Publicado el 14 Abril 2017 | Imprimir Imprimir



“Mas Jesús, habiendo otra vez clamado a gran voz, entregó el espíritu.” Mateo 27:50 (NVI)

Cruz

La historia de la crucifixión es terrible. No podremos nunca entender en su totalidad cúanto sufrimiento padeció Jesucristo. Podemos mencionarlo y analizarlo, podemos verlo en alguna película, pero nunca podremos saber exactamente cuánto sufrió Cristo.

Podemos saber que Judas lo vendió por unas monedas, sabemos de su soledad, sabemos que Pedro le negó, que estuvo solo en un juicio de mentiras y engaños, que estuvo solo frente a Pilato, que solo Simón de Cirene lo ayudó en sus últimos momentos pero porque fue obligado.

Sabemos de los terribles golpes que padeció Cristo, de los latigazos que tenían en la punta un trozo de hierro para cortar la carne y penetrar hasta el hueso, de las escupidas y los insultos de los soldados.

También sabemos de la corona de espinas con espinas de 5 centímetros de una madera más dura que el roble, de los golpes en la cabeza con palos que incrustaban más cada espina, de los clavos oxidados, del golpe insoportable cuando la cruz cayó en el pozo para quedar parada, de la asfixia por no poder respirar al estar colgado de las muñecas por los clavos, de la sed interminable, del dolor permanente.

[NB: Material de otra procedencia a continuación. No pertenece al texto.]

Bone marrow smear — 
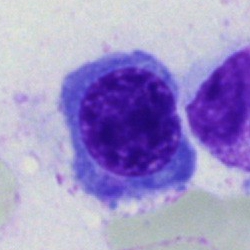
Erythroblast.
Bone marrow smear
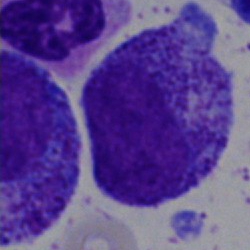

Cell = progranulocyte.
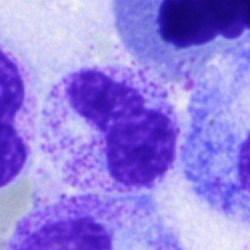

This is a neutrophil (band).
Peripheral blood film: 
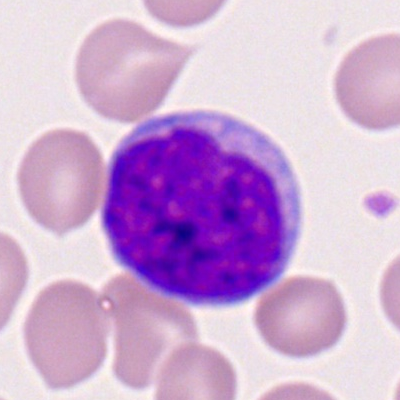 Cell = myeloid blast.
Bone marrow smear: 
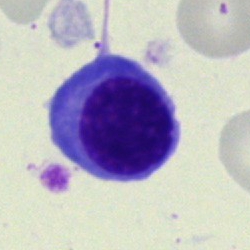

Specimen: bone marrow aspirate smear.
Cell: normoblast.
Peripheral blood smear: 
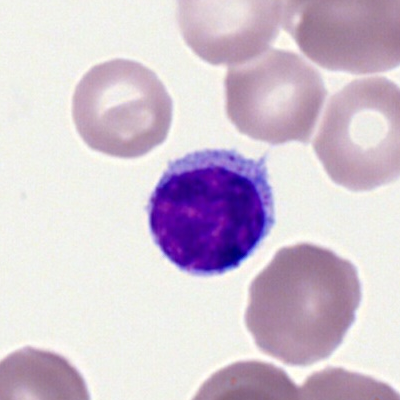

Specimen: peripheral blood film.
Cell type: lymphocyte.
Lineage: lymphoid.
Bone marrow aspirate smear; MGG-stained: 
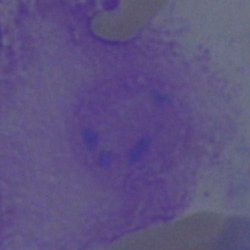
Showing an artefact.
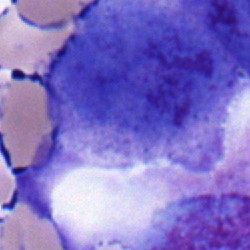 Cell — blast.
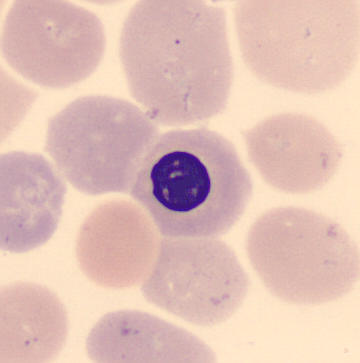
Peripheral blood smear.

Nucleated red blood cell.

Pero quizá los dos momentos más increíbles fueron, cuando su Padre lo deja solo y desamparado, y la unidad eterna de la trinidad se rompe por tus pecados y los míos; y cuando el autor de la vida decide morir.

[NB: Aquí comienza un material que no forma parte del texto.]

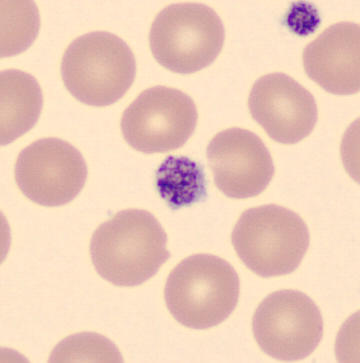Morphology — platelet (thrombocyte).
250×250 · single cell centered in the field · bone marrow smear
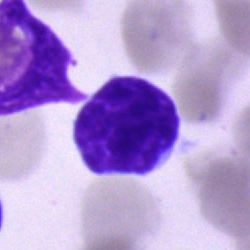Single cell identified as a typical lymphocyte.

Si me conmueve pensar en todo lo que sufrió Cristo, pensar en estas dos últimas situaciones me hace sentir aún más culpable. Un día Dios desampara a Jesucristo para ampararnos a cada uno de nosotros, y permitió que muera para que tengamos vida.

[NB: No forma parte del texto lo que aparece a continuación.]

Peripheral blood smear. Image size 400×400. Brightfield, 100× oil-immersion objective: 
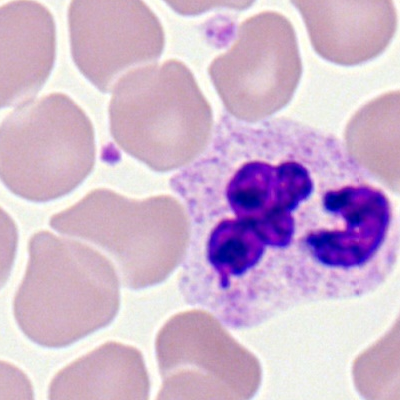Showing a segmented neutrophil.
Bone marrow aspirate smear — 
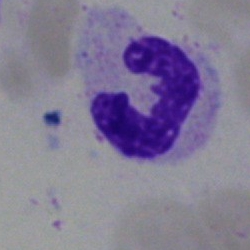 Morphology consistent with a neutrophil (segmented).
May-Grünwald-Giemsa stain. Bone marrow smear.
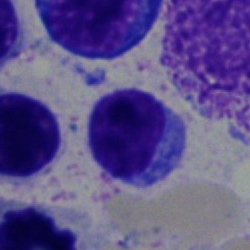

Q: Identify the cell.
A: It is a lymphocyte.
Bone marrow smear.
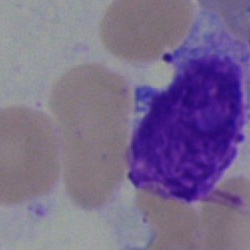
An artefact.
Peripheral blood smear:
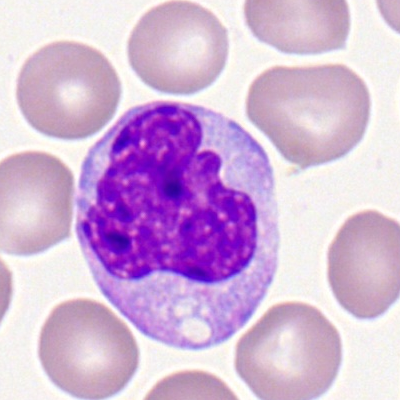 Cell — monocyte.
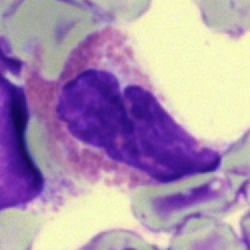 Specimen: bone marrow aspirate smear.
Classification: eosinophil.

La humanidad recuerda el sábado negro de pascua cuando el silencio de la tumba gritaba a viva voz que la muerte aparentemente había ganado la batalla. Pero los hijos de Dios recordamos que todo el sufrimiento de Jesucristo fue solo para lograr la redención del alma, de la tuya y de la mía. Su resurrección lo garantiza.

Que esta pascua sea el momento justo para adorar al eterno Jesucristo. El que murió y ahora está vivo, el que sufrió y ahora puede consolar, el que estuvo solo y ahora puede acompañar.

REFLEXIÓN – Darle gracias a Jesús siempre es poco.